Notice that there is nothing in the Sanders platform that calls for “nationalization” of the means of production, nor does he propose to do away with the price system. In other words, Sanders’s vision of socialism is not what Mao or Trotsky or Lenin proposed, yet there is not one thing in the entire platform that would reverse the dangerous economic trends of the past decade.

Instead, Sanders proposes to direct huge amounts of resources in the direction of constructing something akin to a European welfare state. To put it another way, Sanders wishes to “turn back the clock” to create or promote social and economic structures that already have been undermined by the modern “sharing” economy.

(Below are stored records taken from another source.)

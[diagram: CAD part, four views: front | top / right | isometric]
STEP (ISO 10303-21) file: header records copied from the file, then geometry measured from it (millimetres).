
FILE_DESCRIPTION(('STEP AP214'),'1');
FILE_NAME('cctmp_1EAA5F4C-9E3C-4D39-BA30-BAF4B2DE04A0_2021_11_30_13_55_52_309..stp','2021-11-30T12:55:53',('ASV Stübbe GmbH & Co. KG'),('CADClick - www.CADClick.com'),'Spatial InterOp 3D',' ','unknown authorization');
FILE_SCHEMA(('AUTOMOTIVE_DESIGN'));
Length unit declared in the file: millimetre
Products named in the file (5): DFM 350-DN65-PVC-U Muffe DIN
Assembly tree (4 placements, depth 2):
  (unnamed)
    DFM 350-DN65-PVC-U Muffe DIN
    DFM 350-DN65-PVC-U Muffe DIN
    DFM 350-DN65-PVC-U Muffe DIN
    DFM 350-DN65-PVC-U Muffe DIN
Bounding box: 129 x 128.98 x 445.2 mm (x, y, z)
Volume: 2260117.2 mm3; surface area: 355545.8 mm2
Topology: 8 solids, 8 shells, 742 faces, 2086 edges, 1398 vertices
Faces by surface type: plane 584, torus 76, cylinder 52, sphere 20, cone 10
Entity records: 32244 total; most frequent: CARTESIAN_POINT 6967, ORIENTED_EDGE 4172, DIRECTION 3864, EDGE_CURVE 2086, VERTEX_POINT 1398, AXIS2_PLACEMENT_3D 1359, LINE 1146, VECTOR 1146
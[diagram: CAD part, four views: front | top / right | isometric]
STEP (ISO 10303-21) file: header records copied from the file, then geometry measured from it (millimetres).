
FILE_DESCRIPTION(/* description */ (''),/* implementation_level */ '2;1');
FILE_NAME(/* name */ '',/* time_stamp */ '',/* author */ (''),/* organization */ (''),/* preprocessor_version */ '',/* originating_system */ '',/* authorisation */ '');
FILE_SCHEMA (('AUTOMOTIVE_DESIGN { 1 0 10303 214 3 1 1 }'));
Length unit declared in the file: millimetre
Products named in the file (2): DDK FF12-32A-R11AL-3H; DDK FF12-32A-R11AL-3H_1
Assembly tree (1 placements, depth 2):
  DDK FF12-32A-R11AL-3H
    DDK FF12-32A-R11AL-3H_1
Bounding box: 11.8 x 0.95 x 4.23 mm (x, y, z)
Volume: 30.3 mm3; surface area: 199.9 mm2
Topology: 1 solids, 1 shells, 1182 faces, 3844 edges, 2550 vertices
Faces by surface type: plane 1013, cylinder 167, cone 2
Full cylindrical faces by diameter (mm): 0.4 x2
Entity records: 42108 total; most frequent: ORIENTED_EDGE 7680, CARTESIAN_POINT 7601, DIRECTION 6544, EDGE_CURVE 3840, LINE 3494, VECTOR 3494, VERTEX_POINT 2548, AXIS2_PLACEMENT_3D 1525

If one reads Sanders’s platform from another perspective, it would be the New Deal. Indeed, there is nothing Sanders has written or said from the stump that would not be reminiscent of a New Deal rally (with the possible exception in appealing to black Americans, which was not part of the Democratic Party agenda in the 1930s, as well as Sanders’s appeal to furthering the Sexual Revolution). Bernie Sanders pushes an economic agenda that is frozen in time.

The problem, economically speaking, is that Bernie Sanders proposes nothing that actually would enable entrepreneurs to help bring about a true economic recovery. In Sanders’s world, entrepreneurs are parasites and employers are oppressors who seek to harm their employees, and wealth is defined by how much governments have in their treasuries.

If I could put the economics of Bernie Sanders into a nutshell, it would be this: Burden private enterprise with one directive after another, and then demonize it when it ultimately falls down under the awful weight of taxes, higher costs, and mandates. While many people believe that instituting the Sanders economic agenda would help turn the USA into another Sweden or Denmark, the more likely outcome would be turning this country into another Venezuela.